In order to solve the problems of noise and sparseness of data in the commodity field, the data characteristics of the commodity field are increased on the basis of the traditional map embedding technology, and a data organization form of the commodity field provides a commodity map vectorization model in the commodity field so as to be suitable for tasks of commodity recommendation, commodity search, commodity map completion and the like in the commodity field.

First, the embodiment of the present disclosure provides a commodity map vectorization method, which may be executed by any electronic device with computing processing capability.

Fig. 1 shows a flowchart of a commodity map vectorization method in an embodiment of the present disclosure, and as shown in fig. 1, the commodity map vectorization method provided in the embodiment of the present disclosure includes the following steps:

s102, constructing a commodity map, wherein the commodity map at least comprises the following entity relations: user dimensions, commodity dimensions, and category dimensions.

The product map in the embodiments of the present disclosure refers to a knowledge map in the product field, and may be applied to tasks such as product recommendation and product search in the product field.

In some embodiments, the entity relationship of the user dimension includes, but is not limited to: co-purchasing and co-browsing; the entity relationships of the commodity dimensions include, but are not limited to: similar goods and goods descriptions; entity relationships for a class dimension include, but are not limited to: the hierarchical relationship of the categories to which the commodity belongs. It should be noted that the co-purchasing and co-browsing in the embodiment of the present disclosure may be a user relationship of co-purchasing or browsing the same product, or may be a user relationship of co-purchasing or browsing similar products.

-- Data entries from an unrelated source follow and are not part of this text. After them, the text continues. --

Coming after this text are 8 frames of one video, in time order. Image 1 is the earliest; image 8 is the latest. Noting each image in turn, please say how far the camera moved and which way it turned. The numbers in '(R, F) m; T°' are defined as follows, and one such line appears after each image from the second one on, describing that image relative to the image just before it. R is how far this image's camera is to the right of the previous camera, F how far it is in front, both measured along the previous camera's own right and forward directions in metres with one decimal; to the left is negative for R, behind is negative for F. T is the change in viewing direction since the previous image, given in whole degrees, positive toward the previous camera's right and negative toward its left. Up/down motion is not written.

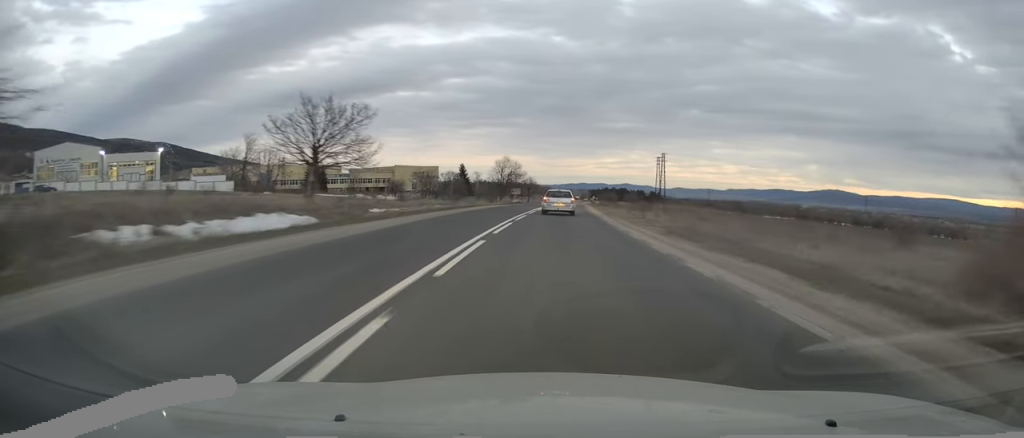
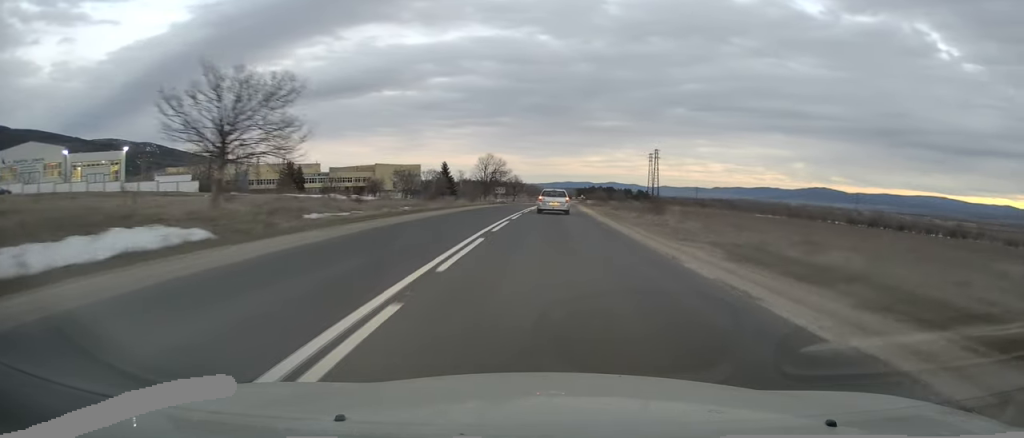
(0.0, +8.3) m; +1°
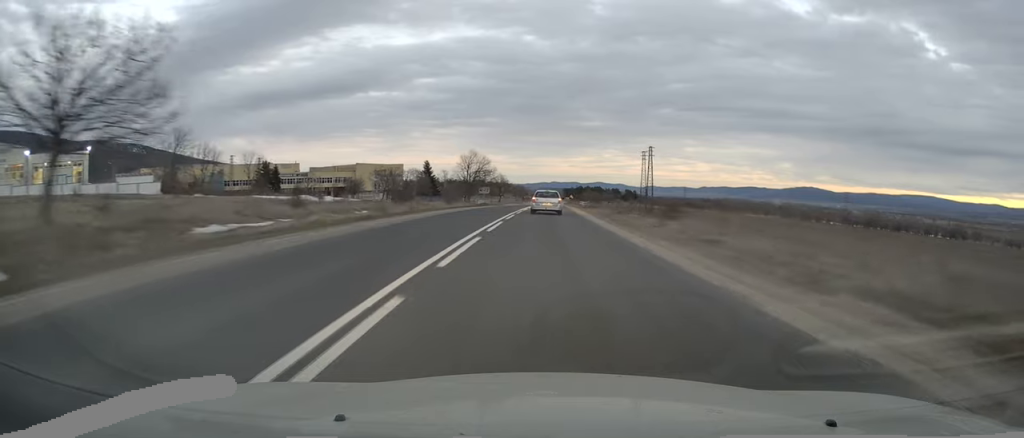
(+0.1, +8.3) m; +1°
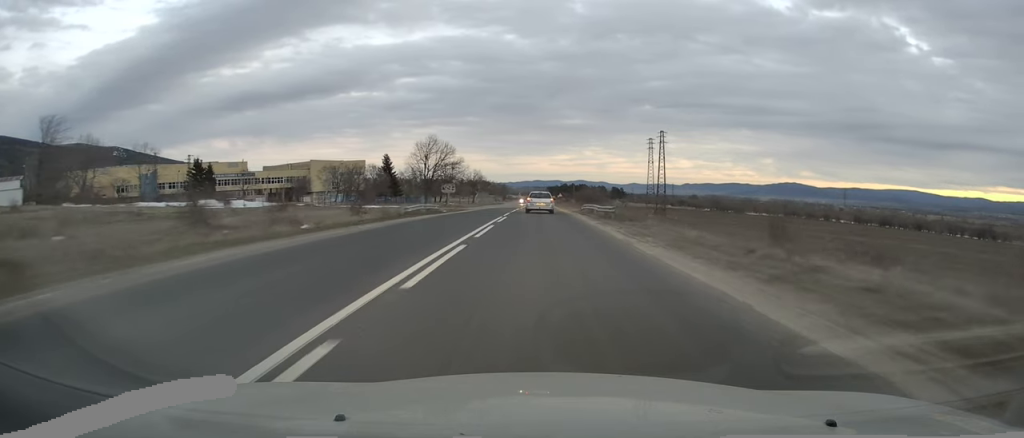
(+1.0, +28.9) m; +2°
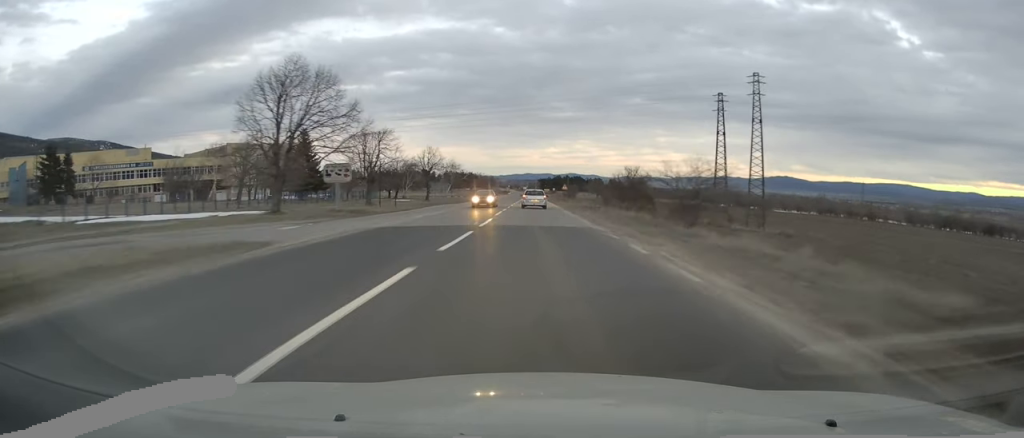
(-0.2, +48.9) m; 0°
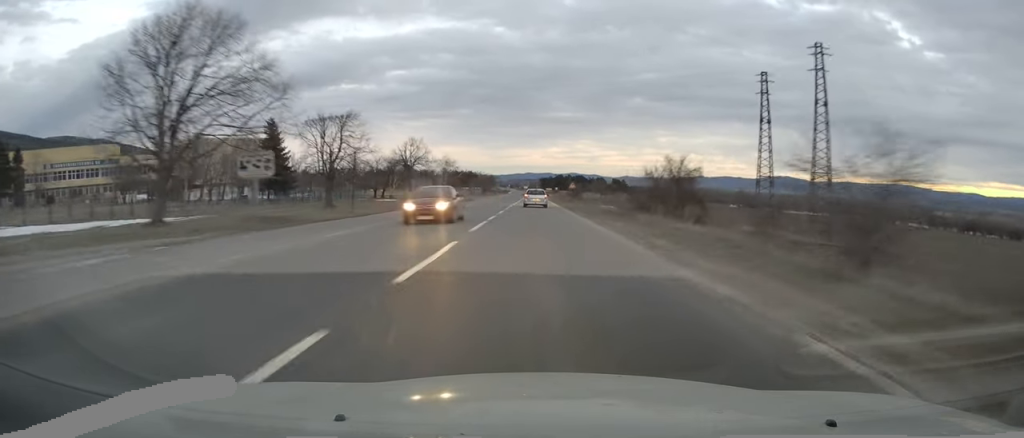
(+0.1, +13.2) m; 0°
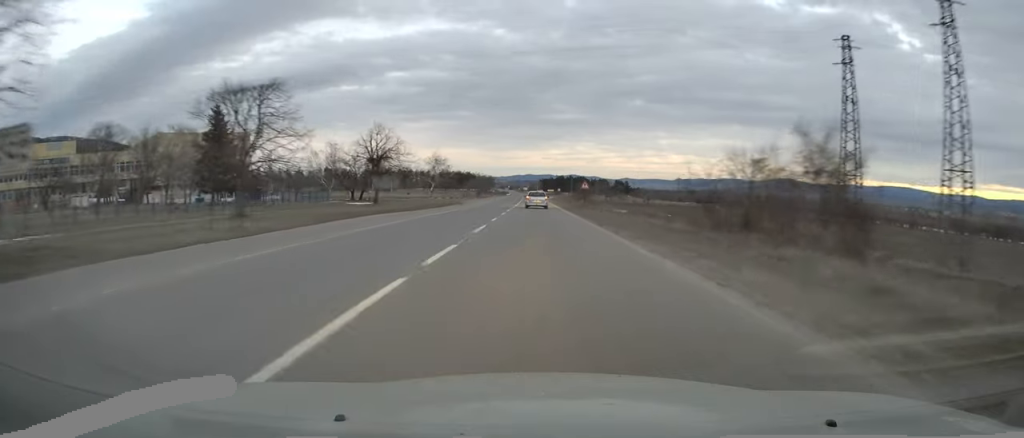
(-0.1, +15.9) m; 0°
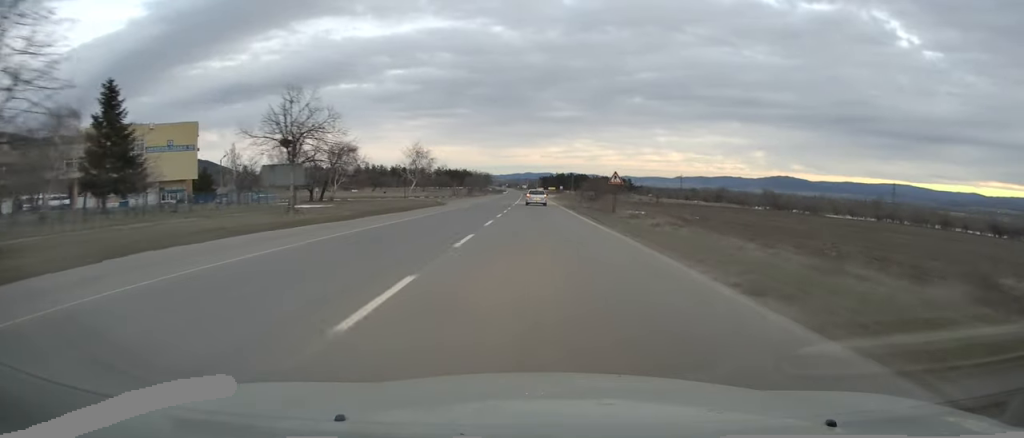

The commodity map constructed in the embodiment of the disclosure can provide a calculation mode of knowledge input and knowledge superposition for embedding the commodity knowledge map, provide a check standard for a downstream knowledge completion task, and provide verification data for commodity quantity representation of similar commodities.

And S104, learning the vector representation of the entity relationship in the commodity map according to the commodity data and the user interaction data acquired from the E-commerce platform to obtain a commodity map vectorization representation model.

In addition, commodity purchasing data, commodity browsing data, commodity alternative records, commodity searching data, commodity clicking data, commodity description information, commodity category hierarchical label information and other data of each user can be acquired from the E-commerce platform, and the constructed commodity map is learned by the data, so that a commodity map embedding model which is relatively universal and accurate in the commodity field can be obtained. In addition, as the commodity data collected by the e-commerce platform comprises data of multiple modes, in the embodiment of the disclosure, the constructed commodity map is learned according to the commodity data collected by the e-commerce platform, and the obtained commodity map embedded model can still work normally when the commodity data of one or more modes fails.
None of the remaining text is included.